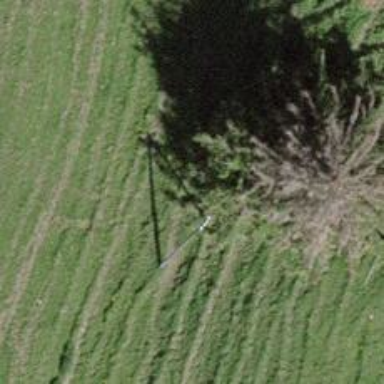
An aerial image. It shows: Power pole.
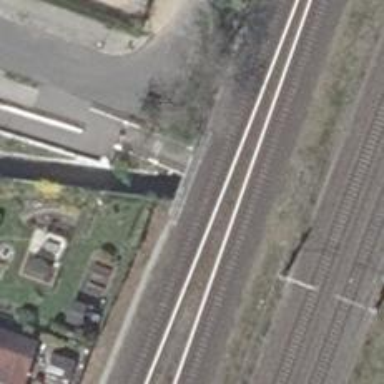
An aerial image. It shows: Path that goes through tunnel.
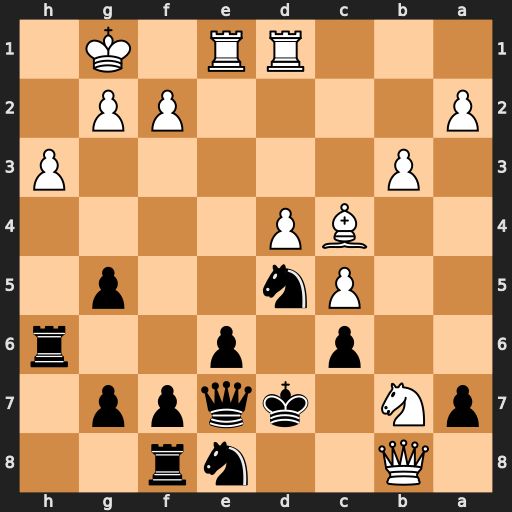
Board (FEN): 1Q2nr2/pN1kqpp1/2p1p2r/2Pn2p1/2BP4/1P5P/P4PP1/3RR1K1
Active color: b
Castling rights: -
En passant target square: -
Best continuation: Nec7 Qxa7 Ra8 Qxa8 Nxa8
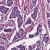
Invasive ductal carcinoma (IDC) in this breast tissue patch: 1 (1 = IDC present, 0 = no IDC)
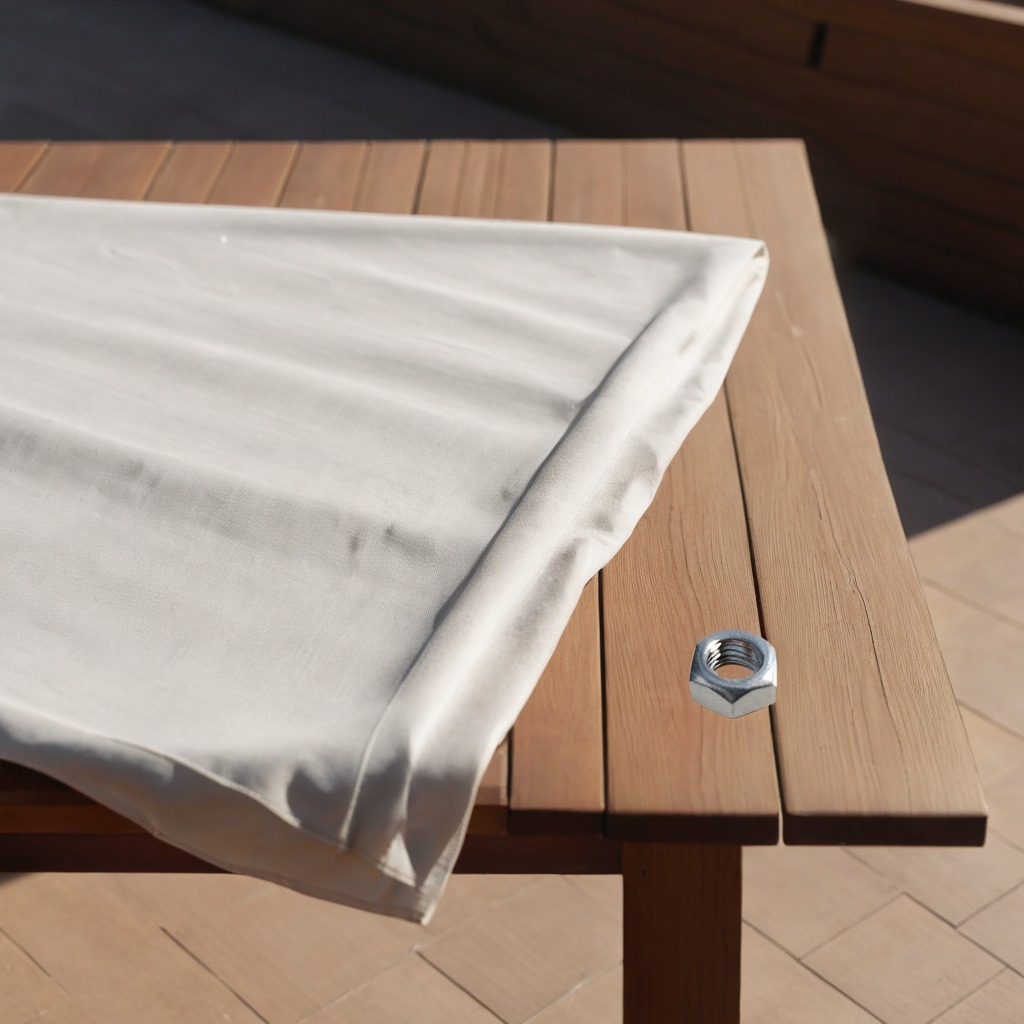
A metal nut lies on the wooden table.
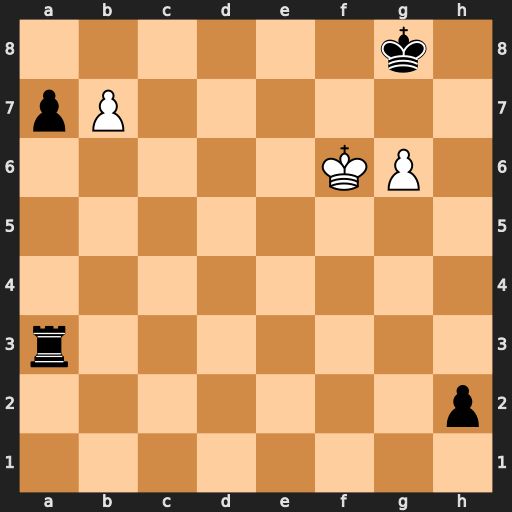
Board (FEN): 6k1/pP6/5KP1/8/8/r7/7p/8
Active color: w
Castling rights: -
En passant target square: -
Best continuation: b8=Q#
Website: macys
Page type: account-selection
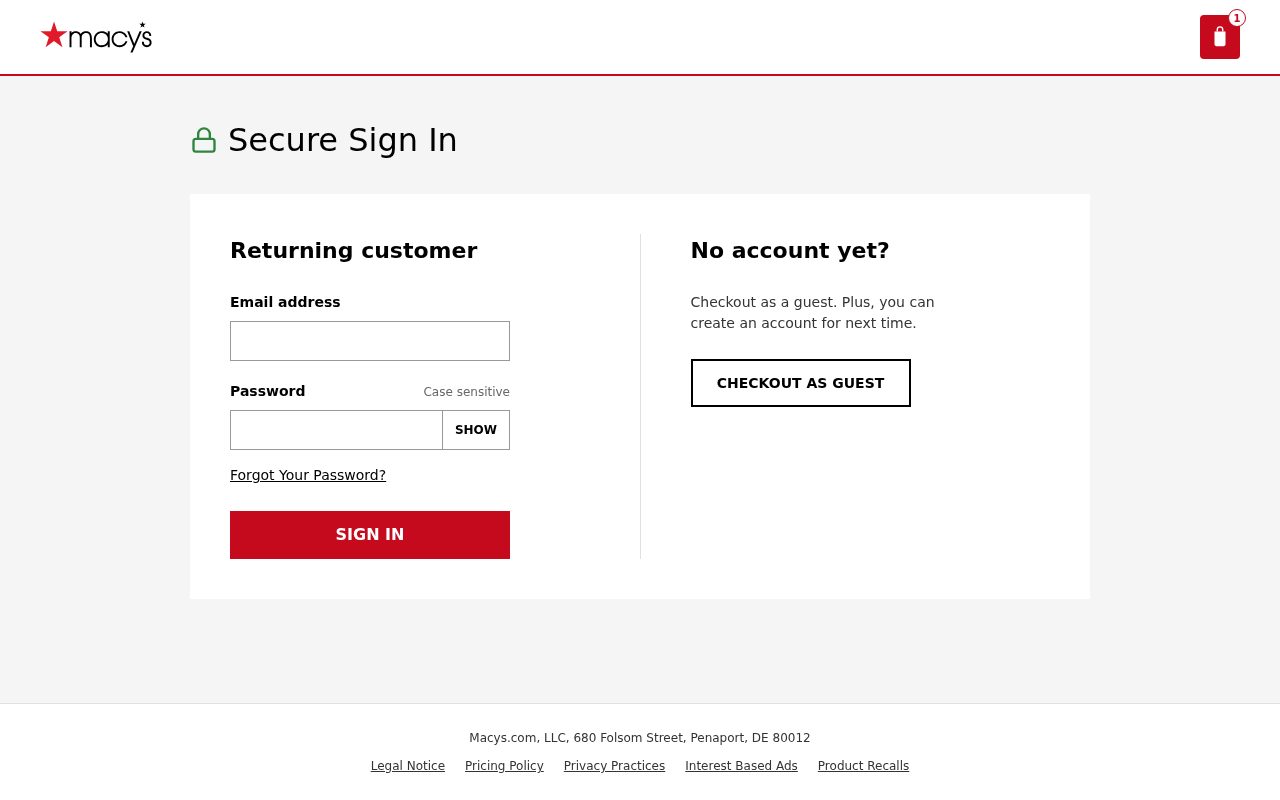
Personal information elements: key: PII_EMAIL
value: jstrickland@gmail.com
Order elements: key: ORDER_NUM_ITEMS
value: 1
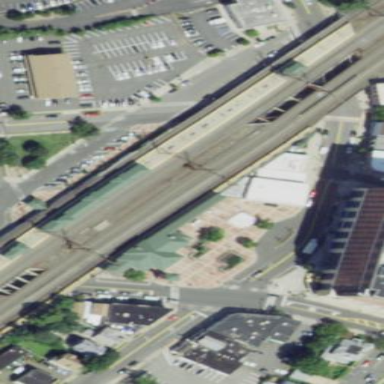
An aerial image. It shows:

+-------+

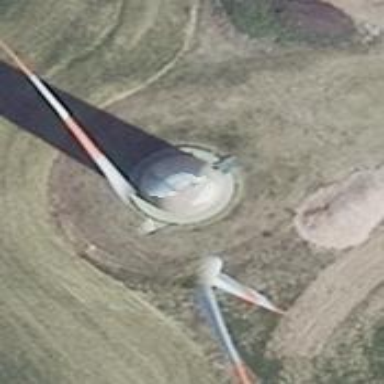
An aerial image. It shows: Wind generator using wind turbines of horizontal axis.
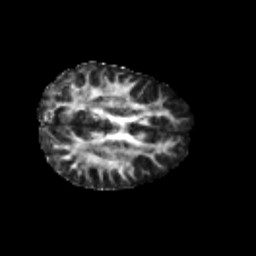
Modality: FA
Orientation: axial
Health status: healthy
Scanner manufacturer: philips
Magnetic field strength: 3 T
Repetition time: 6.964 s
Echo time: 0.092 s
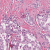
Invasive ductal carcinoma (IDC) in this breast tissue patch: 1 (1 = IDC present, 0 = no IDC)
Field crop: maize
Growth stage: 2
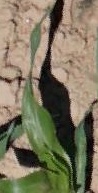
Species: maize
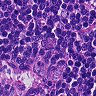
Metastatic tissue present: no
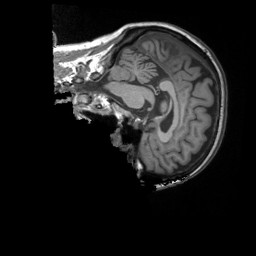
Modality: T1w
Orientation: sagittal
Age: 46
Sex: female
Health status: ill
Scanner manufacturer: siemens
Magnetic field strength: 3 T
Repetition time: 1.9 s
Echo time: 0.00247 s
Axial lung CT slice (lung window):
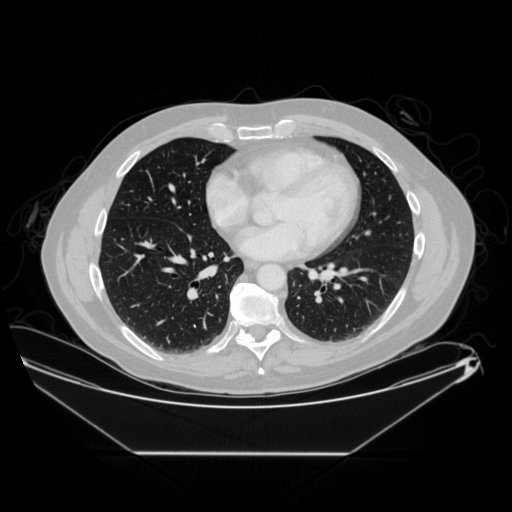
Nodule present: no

+-------+

Text only, no pictures: please print exactly the lines above from the line with "An aerial image. It shows: Power pole." up to and including the line with "Best continuation: Nec7 Qxa7 Ra8 Qxa8 Nxa8", and nothing else.

An aerial image. It shows: Power pole.
An aerial image. It shows: Path that goes through tunnel.
Board (FEN): 1Q2nr2/pN1kqpp1/2p1p2r/2Pn2p1/2BP4/1P5P/P4PP1/3RR1K1
Active color: b
Castling rights: -
En passant target square: -
Best continuation: Nec7 Qxa7 Ra8 Qxa8 Nxa8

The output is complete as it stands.